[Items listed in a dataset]
[Start of section]
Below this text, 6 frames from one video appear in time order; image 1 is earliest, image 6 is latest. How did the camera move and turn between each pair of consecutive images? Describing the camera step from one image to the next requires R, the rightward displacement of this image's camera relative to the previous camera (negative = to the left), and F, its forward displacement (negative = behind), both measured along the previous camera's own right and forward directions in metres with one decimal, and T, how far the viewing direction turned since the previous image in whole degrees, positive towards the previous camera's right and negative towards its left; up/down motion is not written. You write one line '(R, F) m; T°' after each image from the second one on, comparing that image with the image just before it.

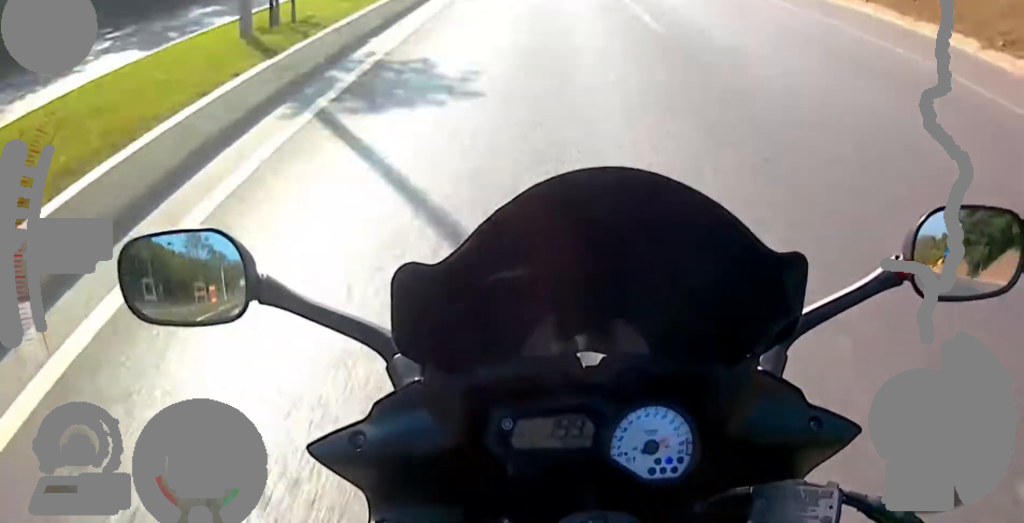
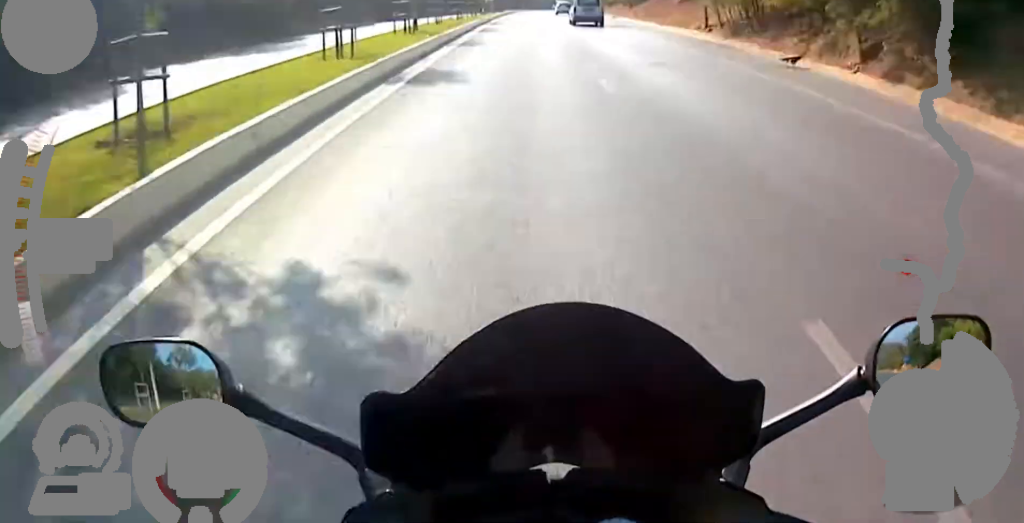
(+0.2, +17.6) m; -1°
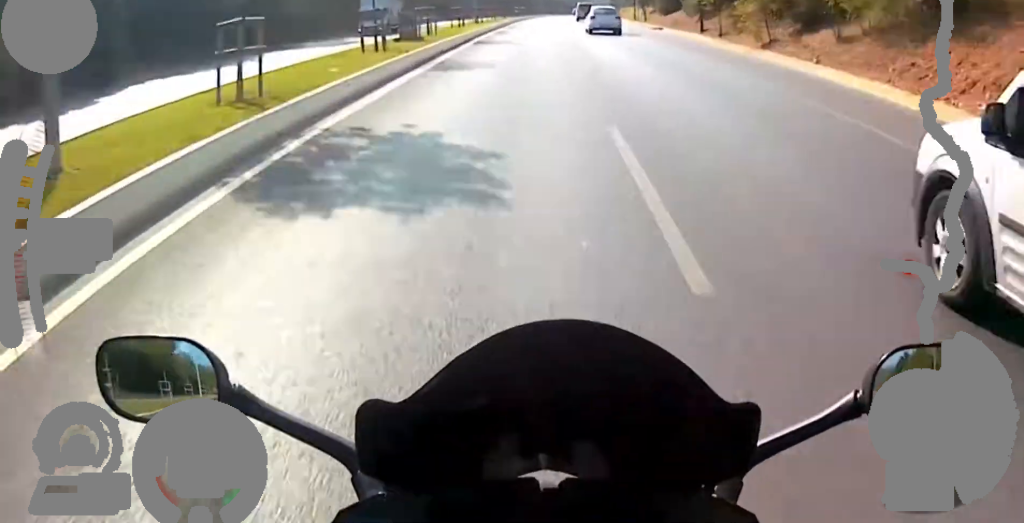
(-1.1, +62.1) m; 0°
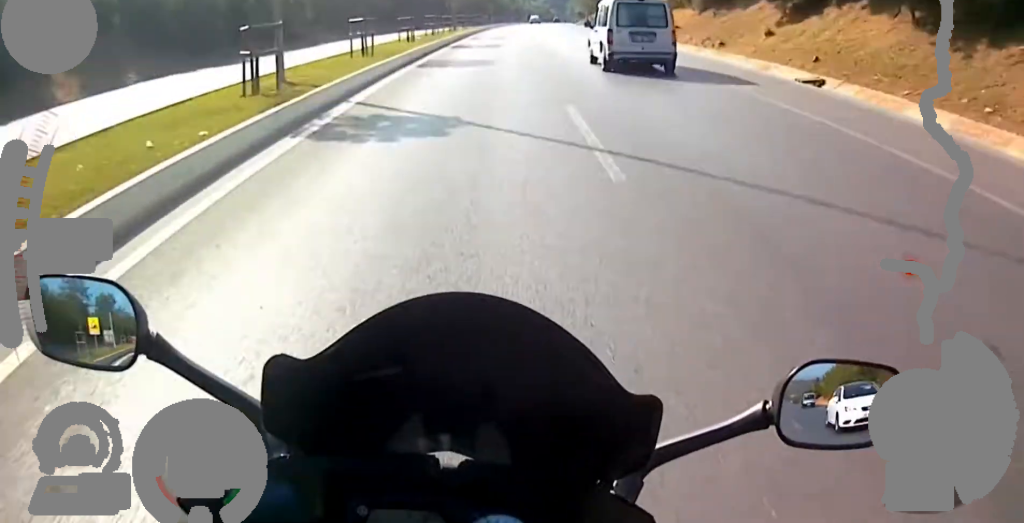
(+1.5, +72.8) m; +1°
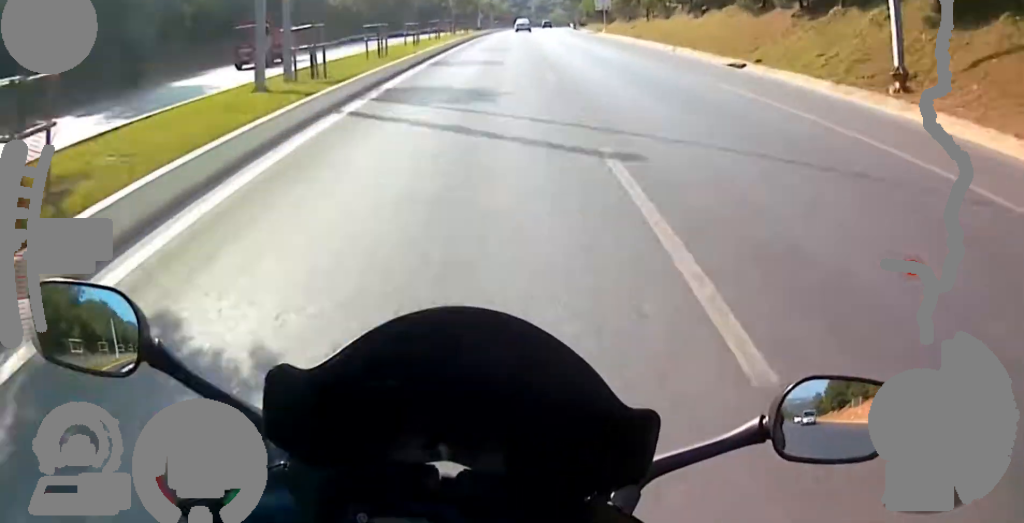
(-0.1, +79.2) m; -1°
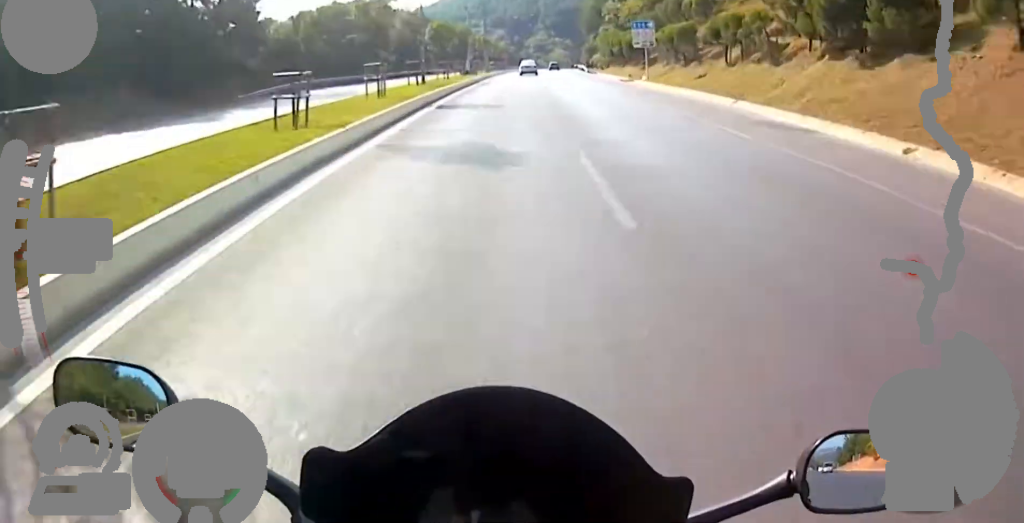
(-0.2, +18.7) m; 0°
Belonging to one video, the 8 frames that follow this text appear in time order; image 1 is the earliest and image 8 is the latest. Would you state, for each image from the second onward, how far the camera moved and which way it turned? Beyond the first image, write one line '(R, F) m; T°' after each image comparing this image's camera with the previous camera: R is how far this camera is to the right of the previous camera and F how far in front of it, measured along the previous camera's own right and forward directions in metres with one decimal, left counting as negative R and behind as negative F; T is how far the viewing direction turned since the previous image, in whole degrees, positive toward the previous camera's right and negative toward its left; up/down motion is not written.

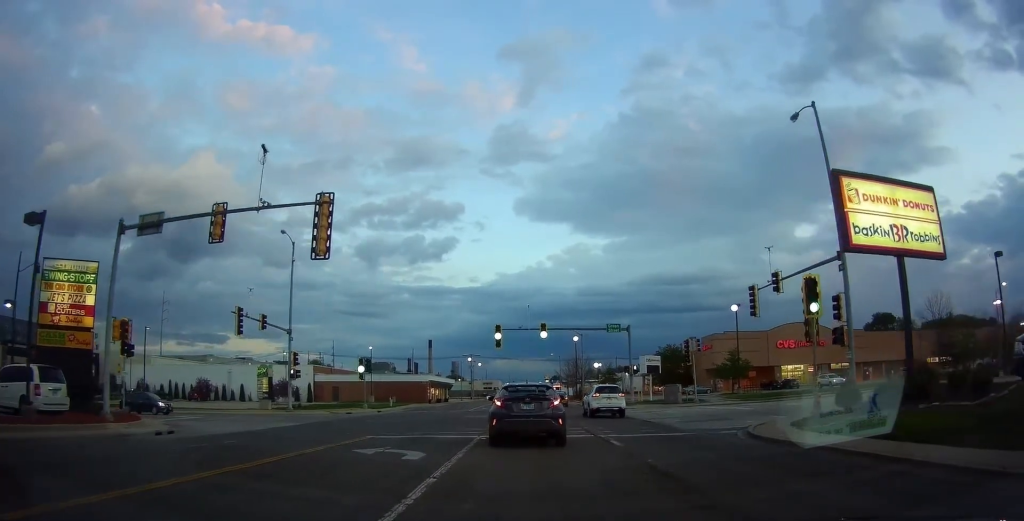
[End of section]
TASK PROMPT: Every entry must be transcribed exactly. Pictures do not belong in the copy.

WRITTEN RESPONSE:
Below this text, 6 frames from one video appear in time order; image 1 is earliest, image 6 is latest. How did the camera move and turn between each pair of consecutive images? Describing the camera step from one image to the next requires R, the rightward displacement of this image's camera relative to the previous camera (negative = to the left), and F, its forward displacement (negative = behind), both measured along the previous camera's own right and forward directions in metres with one decimal, and T, how far the viewing direction turned since the previous image in whole degrees, positive towards the previous camera's right and negative towards its left; up/down motion is not written. You write one line '(R, F) m; T°' after each image from the second one on, comparing that image with the image just before it.

(+0.2, +17.6) m; -1°
(-1.1, +62.1) m; 0°
(+1.5, +72.8) m; +1°
(-0.1, +79.2) m; -1°
(-0.2, +18.7) m; 0°
Belonging to one video, the 8 frames that follow this text appear in time order; image 1 is the earliest and image 8 is the latest. Would you state, for each image from the second onward, how far the camera moved and which way it turned? Beyond the first image, write one line '(R, F) m; T°' after each image comparing this image's camera with the previous camera: R is how far this camera is to the right of the previous camera and F how far in front of it, measured along the previous camera's own right and forward directions in metres with one decimal, left counting as negative R and behind as negative F; T is how far the viewing direction turned since the previous image, in whole degrees, positive toward the previous camera's right and negative toward its left; up/down motion is not written.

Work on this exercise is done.